Speaker
Description
In scientific computing, researchers routinely face a fundamental tension: computational performance versus ease of implementation. Python has become the dominant language across most scientific disciplines, and for good reason — its readable syntax, flexibility, and vast ecosystem make it an excellent tool for data manipulation, visualisation, and rapid prototyping. Its accessible GPU interfaces have made it especially central to modern machine learning workflows.
Yet Python was not designed for every computational task. High-performance simulations, sequential algebraic operations, and large-scale iterative methods can quickly expose its limitations. For these workloads, many researchers turn to lower-level languages such as C, C++, or Fortran. This works, but it creates a fragmented workflow — one that often sacrifices the interpretability, interactivity, and rich tooling that higher-level languages provide.

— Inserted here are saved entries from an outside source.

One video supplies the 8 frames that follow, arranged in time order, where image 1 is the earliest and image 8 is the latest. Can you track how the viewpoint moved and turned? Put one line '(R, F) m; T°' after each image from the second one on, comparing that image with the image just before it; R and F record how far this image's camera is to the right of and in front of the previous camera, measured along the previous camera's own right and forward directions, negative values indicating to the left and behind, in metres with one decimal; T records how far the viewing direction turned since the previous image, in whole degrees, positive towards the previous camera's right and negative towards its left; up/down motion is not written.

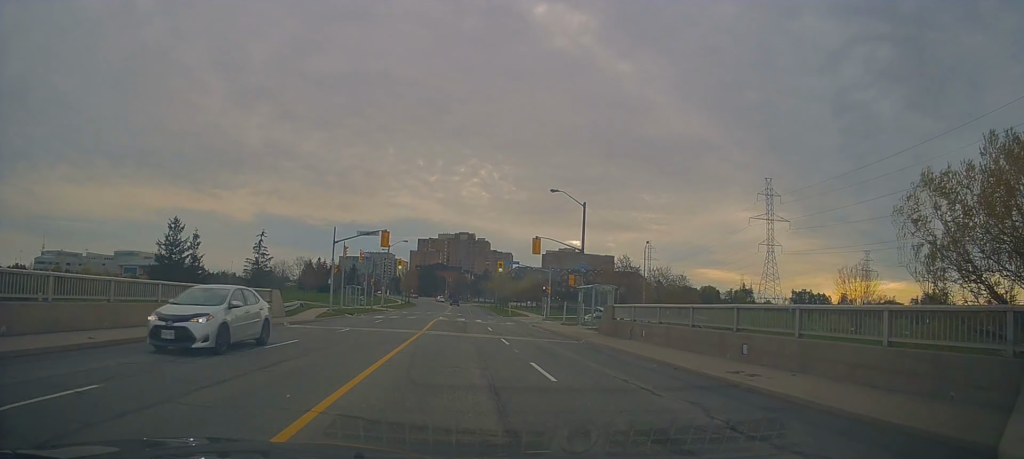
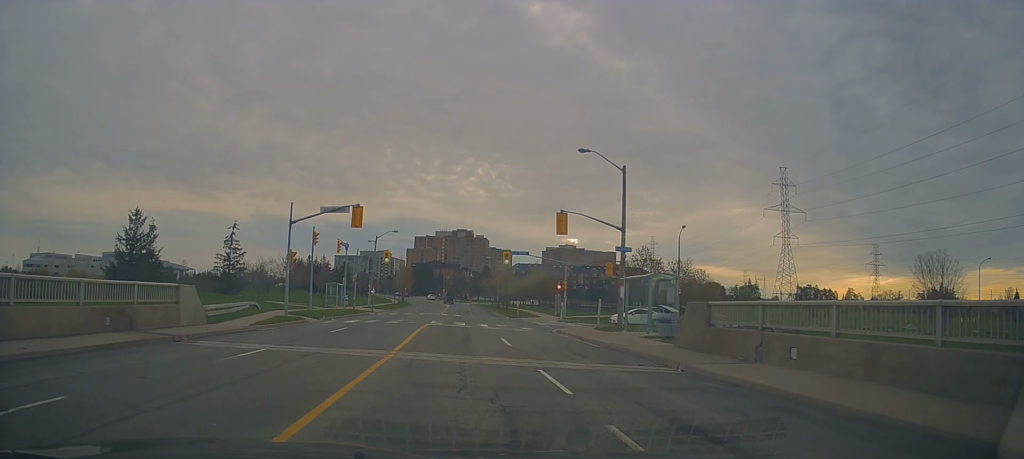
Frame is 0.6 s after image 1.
(+0.1, +9.4) m; 0°
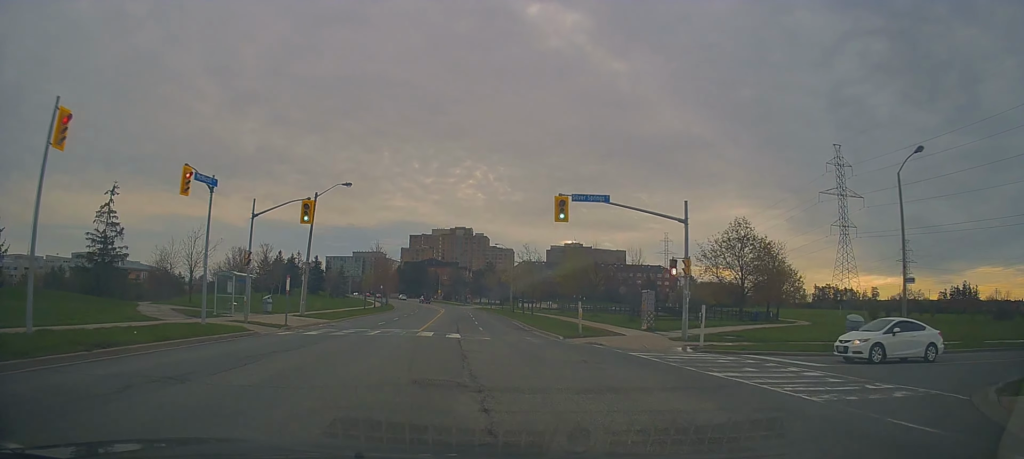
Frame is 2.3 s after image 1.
(+0.1, +27.9) m; 0°
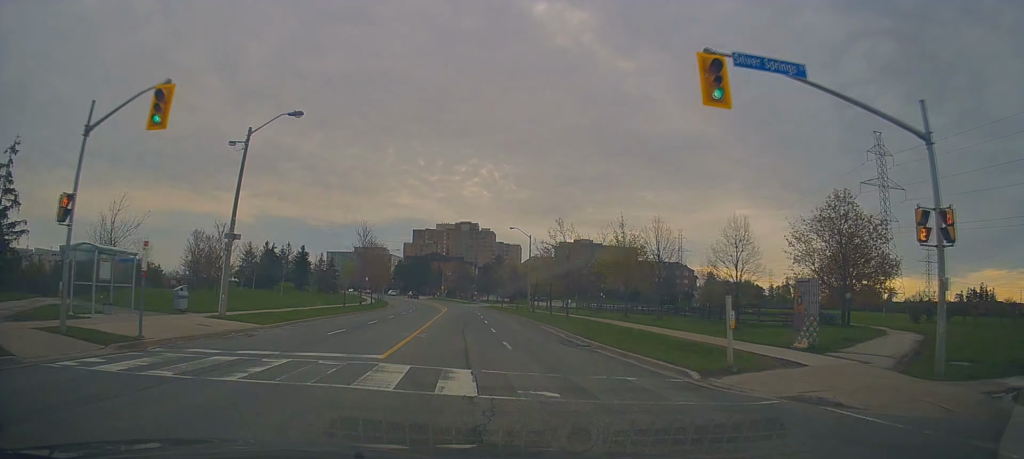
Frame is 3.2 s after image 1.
(0.0, +14.9) m; 0°
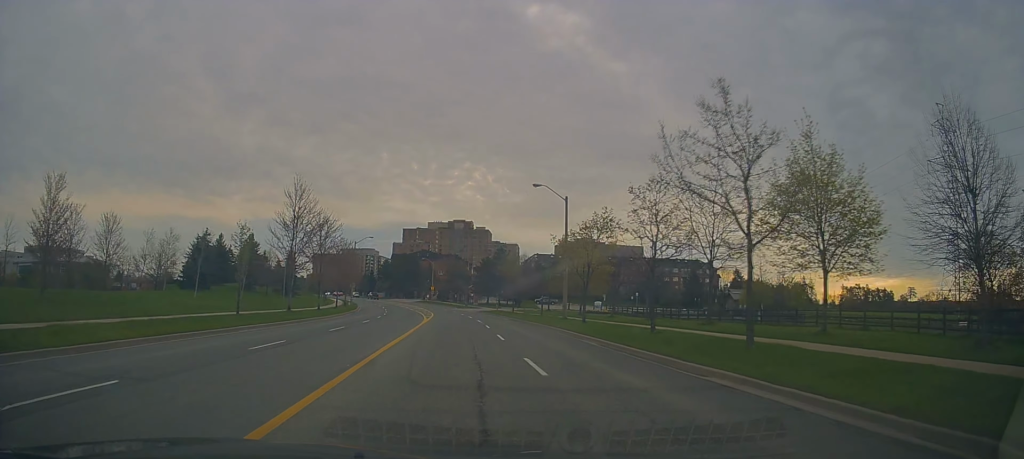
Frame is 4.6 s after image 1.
(+0.1, +26.6) m; 0°
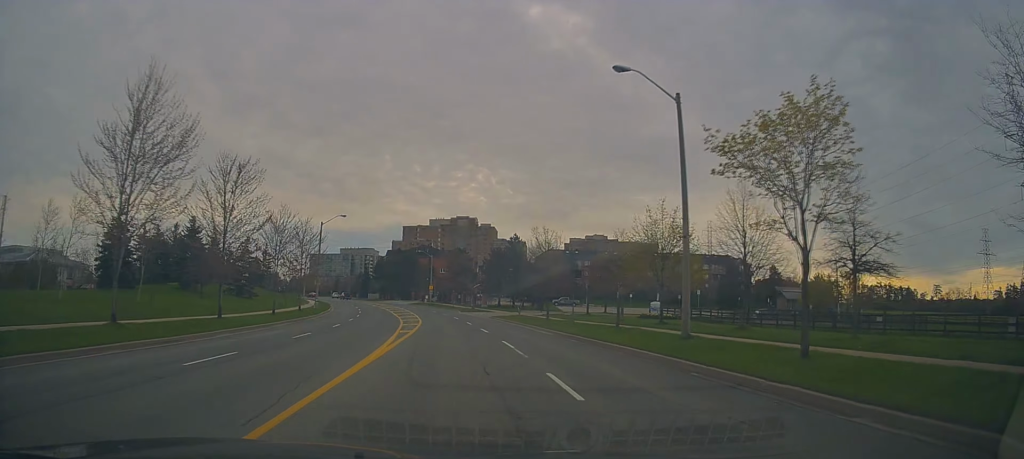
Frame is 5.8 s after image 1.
(0.0, +20.8) m; 0°
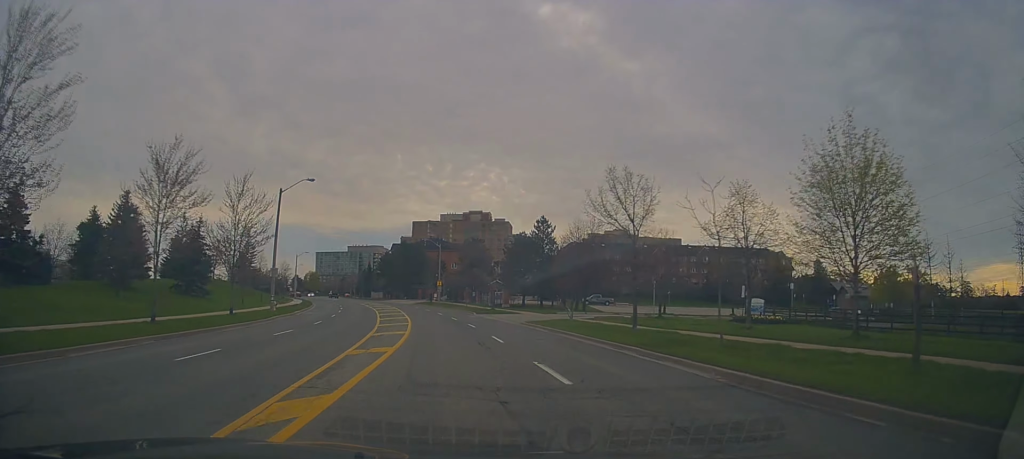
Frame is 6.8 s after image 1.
(-0.1, +16.7) m; -2°
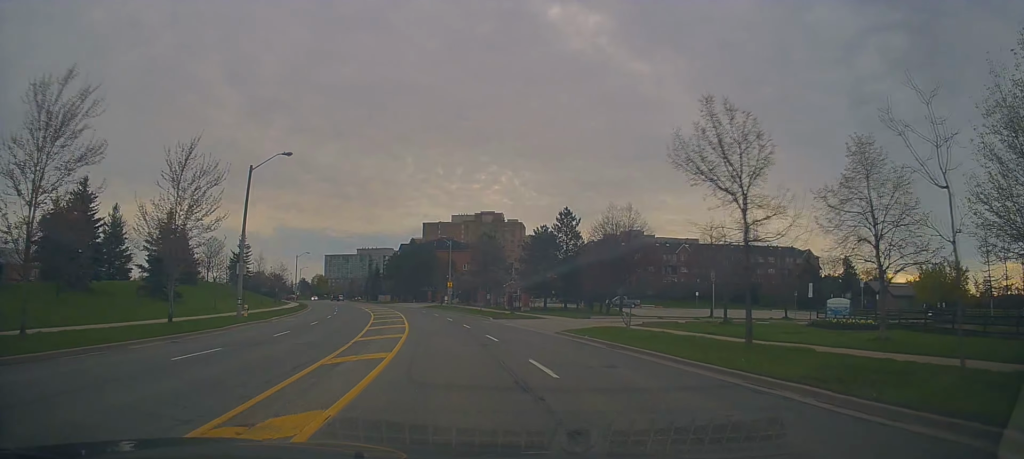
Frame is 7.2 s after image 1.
(-0.1, +8.4) m; -1°

What if we didn't have to choose?
Combining programming languages within a single project is standard practice in software engineering, yet remains underutilised in scientific research. Each language can be assigned the tasks it handles best, while sharing data and functionality across the boundary. This talk advocates for a more deliberate adoption of this approach in scientific workflows, and explores both its possibilities and its practical challenges.

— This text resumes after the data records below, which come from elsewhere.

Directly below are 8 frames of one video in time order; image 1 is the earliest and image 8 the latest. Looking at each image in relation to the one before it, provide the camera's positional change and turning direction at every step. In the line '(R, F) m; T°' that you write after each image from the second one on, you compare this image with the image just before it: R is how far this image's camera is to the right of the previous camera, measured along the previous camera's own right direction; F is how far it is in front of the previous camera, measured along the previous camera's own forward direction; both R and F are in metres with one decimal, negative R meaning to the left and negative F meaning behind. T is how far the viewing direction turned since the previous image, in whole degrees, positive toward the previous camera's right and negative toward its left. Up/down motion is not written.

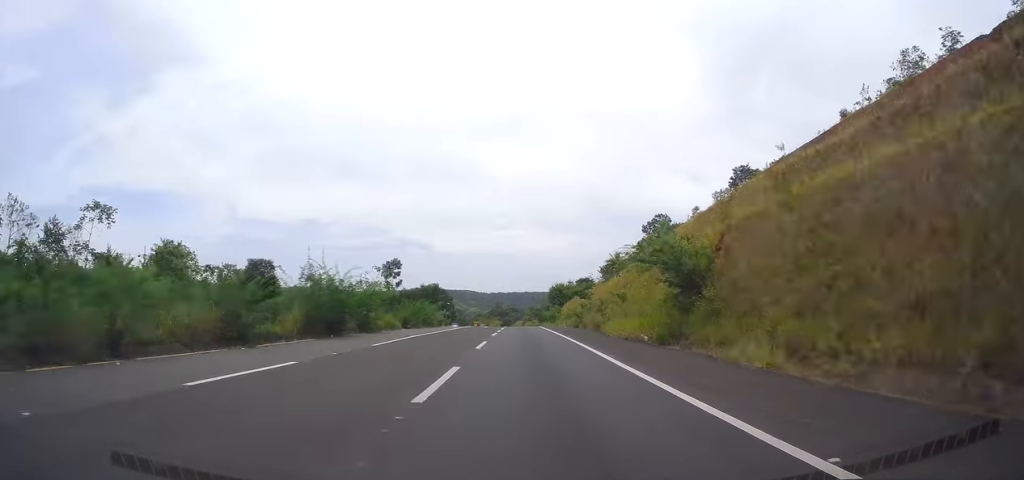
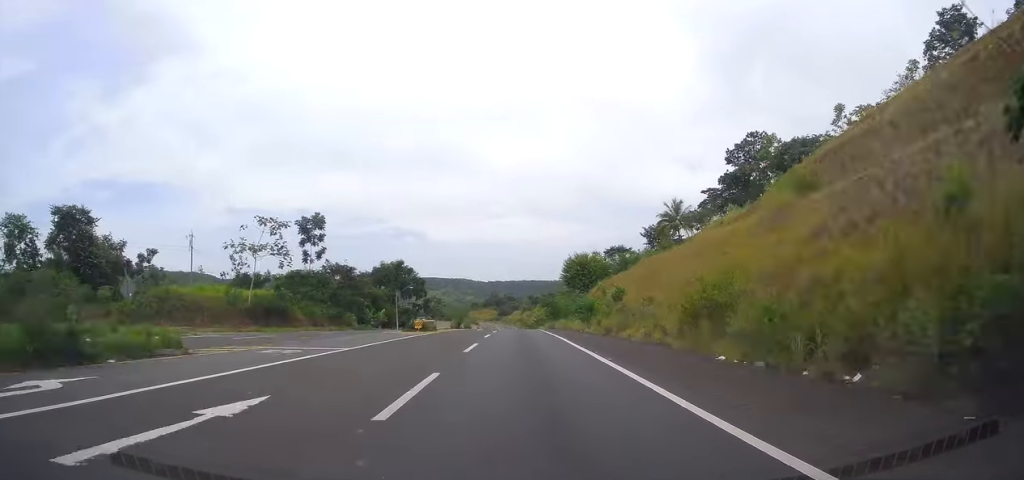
(0.0, +53.6) m; 0°
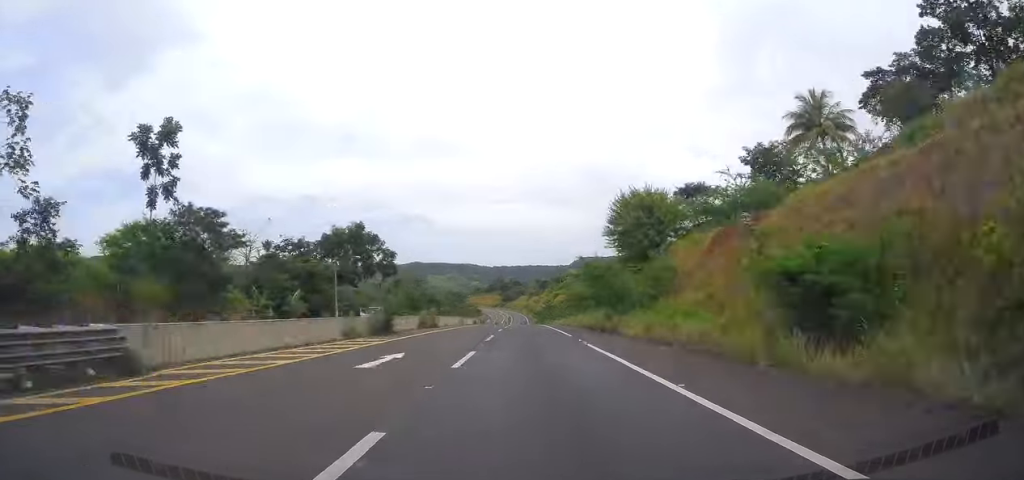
(0.0, +40.4) m; 0°
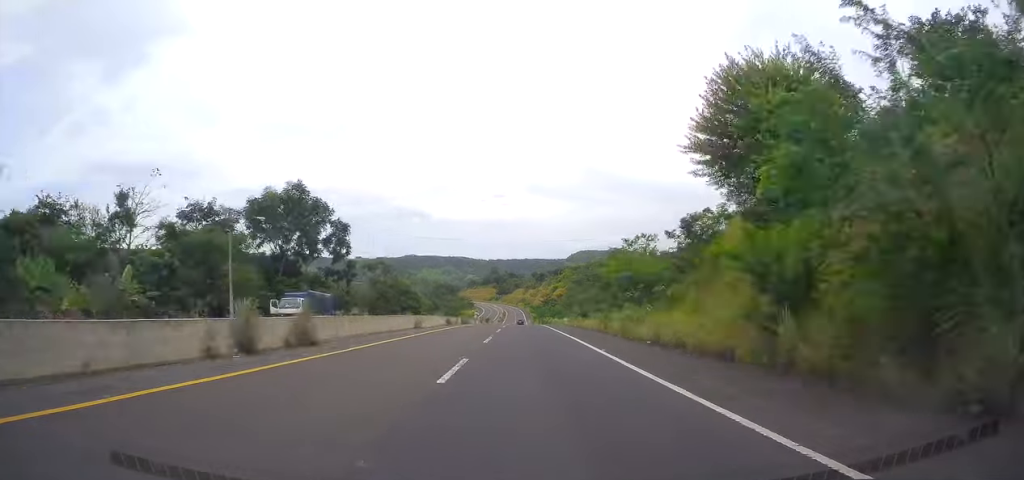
(0.0, +27.1) m; 0°
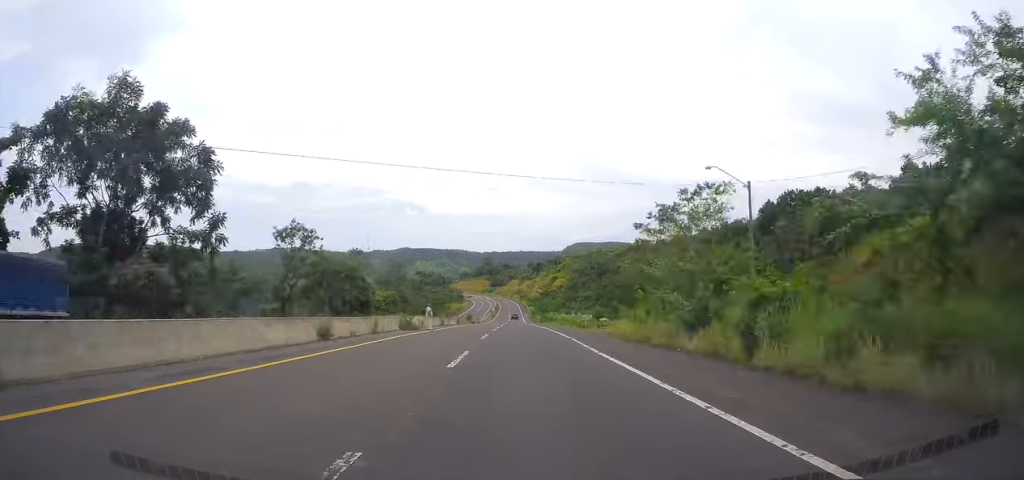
(0.0, +35.0) m; 0°
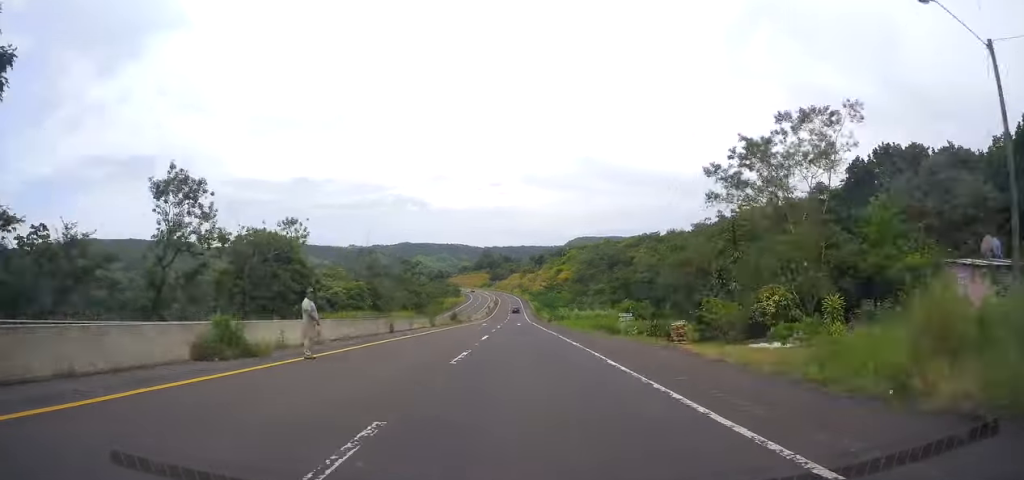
(0.0, +23.7) m; 0°
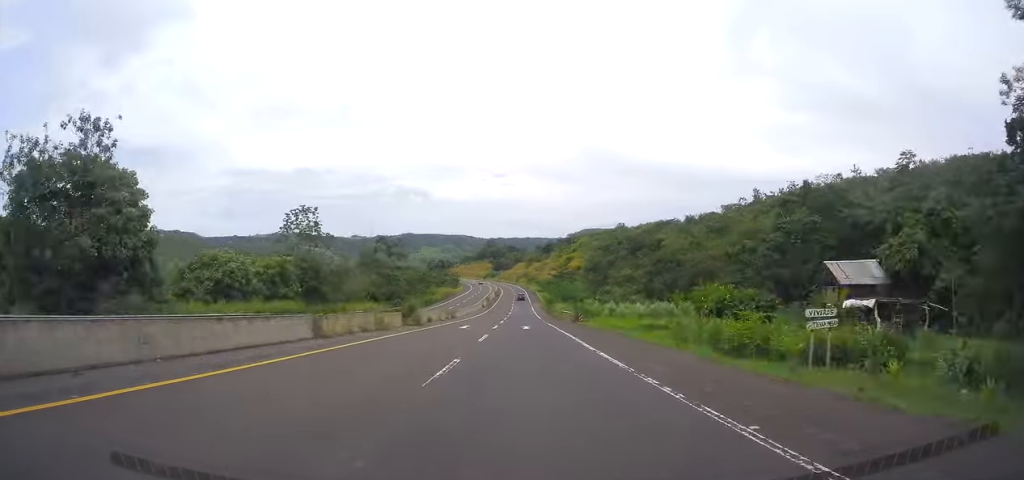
(-0.1, +29.7) m; 0°
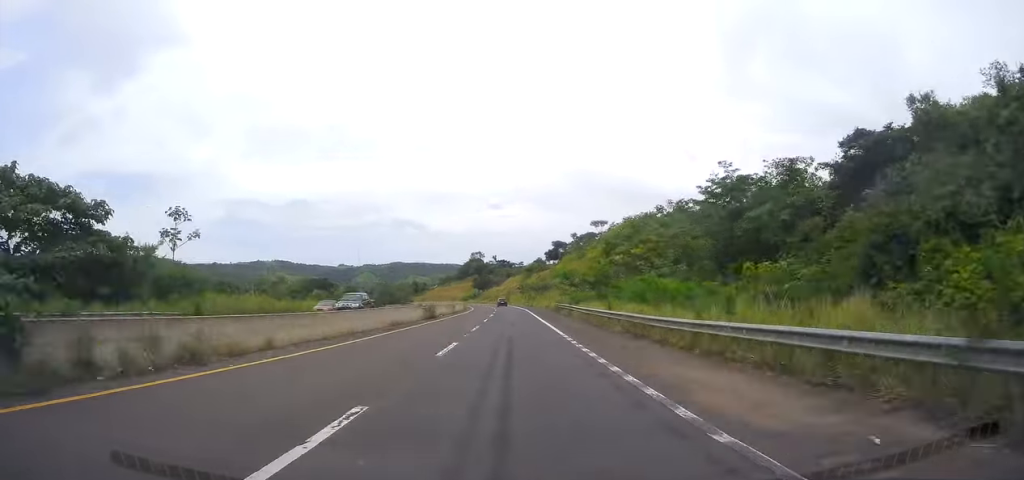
(+0.4, +118.1) m; 0°

As a concrete case study, I present a project combining Julia and Python to study the linear regions produced by a specific class of neural networks. Characterising these regions involves non-trivial computational geometry — computing vertices, convex hulls, and minimal active constraint sets. The regions in deeper network layers depend sequentially on those in earlier layers, making the problem both computationally demanding and structurally complex. Python handles the machine learning components naturally, while Julia takes on the geometrically intensive region-finding computations.
This talk will walk through the design decisions behind this multilingual architecture, the interoperability tools that make it practical, and the pitfalls encountered along the way — offering a template that other researchers can adapt to their own projects.